Unlike other sages of the past, Luqman was not classed as a prophet by traditional Muslim scholars (the only exception being Ikrima al-Barbari), since the Qur'an only says that he received wisdom from God. Despite this, he is mentioned in most works of the Qisas al-Anbiya genre. According to most versions, God gave Luqman the choice between becoming a prophet or a sage, and he chose the latter. He becomes a vizier to King David, who says to him, "Blessed art thou, O Luḳmān. You have been given wisdom and spared tribulation, while David has been given authority and has suffered trials and rebellion". Most of the Islamic-era accounts give Luqman a biblical genealogy, variously linking him with Abraham, Job and Balaam. He is supposed to have lived until the time of the prophet Jonah. He is also identified as a judge of the Jews. Some versions credit him with writing a book.

At some point in the medieval era, Luqman was identified as a writer of fables. This may be because the Arabic word for proverbs, amthal, is also the word for fables. Many fables and biographical details which in Europe were connected with Aesop were transferred to Luqman. The connection between Luqman and Aesop dates to an early period: the Qur'anic commentators record traditions that Luqman was a "thick-lipped, flat-footed black slave" of Ethiopian or Nubian origin. Other accounts describe his as an Egyptian, a carpenter, a shepherd, and having deformed legs. According to Heller and Stillmann, these descriptions and a number of anecdotes about Luqman "are obviously modelled on the story of Aesop." However, the older Arabic literature did not know Luqman as a fabulist; this identification only came in the later medieval period. A manuscript dated 1299 contains 41 fables attributed to Luqman; it was first published by J. Derenbourg in the 19th century and extensively examined. Almost all of the 41 fables are found in the Syriac version of Aesop's fables published by J. Landsberger in 1859 (Die Fabeln des Sophos). Thus, these "Fables of Luqman" are regarded as a translation and adaptation of the Syriac version of Aesop, deriving from Christian circles in Mamluk Syria.

== Identity ==
Luqman is described by Heller and Stillmann as a "composite, and hence a many-sided figure" who "has often been compared and identified with other legendary heroes, such as Prometheus, Alkmaion, Lucian and Solomon." According to one view, there were originally two distinct figures who were conflated: Luqman ibn Ad and Luqman al-Hakim (the Luqman of the Qur'an); later, attributes of a variety of figures were connected with the name of Luqman.

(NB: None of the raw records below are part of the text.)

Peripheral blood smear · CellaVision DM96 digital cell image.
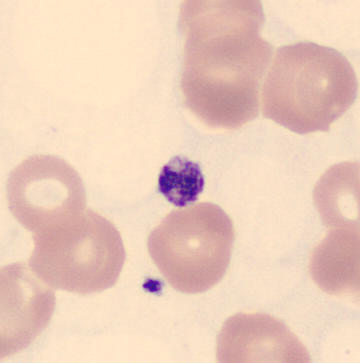 {"cell_type": "platelet"}
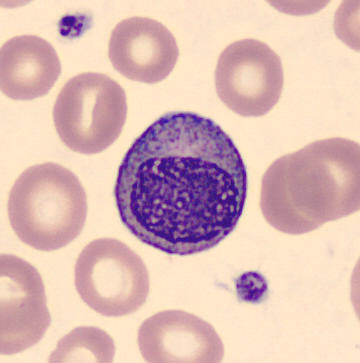 Preparation: Peripheral blood smear.
The cell shown is a myelocyte.

His identification with Balaam of the Bible is old. It was apparently made by some Muslim exegetes searching for an equivalent to Luqman in the Bible (the Semitic roots b-l-ʿ and l-q-m both mean 'to swallow'). However, Luqman and Balaam were clearly distinguished by Muhammad and his contemporaries, as well as by al-Tabari writing in the 9th–10th centuries AD. One modern scholar hypothesizes that early Muslim traditionalists' Jewish sources identified Luqman with the Edomite king Bela son of Beor; as Balaam is also called a son of Beor in the Bible, this may have caused the conflation of Luqman and Balaam.

The similarity between Luqman and Ahikar has long been noted. In the early 20th century, Rendel Harris argued for the identification of the two figures. However, Heller and Stillmann reject this identification. Many of the sayings attributed to Ahikar and Luqman came from the "common stock of Near Eastern lore" and also appear in the Bible and other sources. In their view, Luqman and Ahikar are only indirectly connected through the story of Aesop, which itself is closely related to that of Ahikar.

== In Turkish and Persian literature and folklore ==
Luqman was "a fairly popular figure in Persian literature." He is a subject of a long chapter in al-Nisaburi's Qisas al-Anbiya, which adds some new material to the anecdotes found in the Arabic qisas. The Masnavi of Rumi contains several stories about Luqman, depicting him as an idealized ascetic and a slave who is free of sensual desires. He is similarly depicted in a story in the Bustan of Saadi Shirazi. From Arabic and Persian literature, Luqman entered the Turkish tradition, where he is also depicted as an Arab doctor (an extension of his title hakim, which besides 'wise' also means 'physician').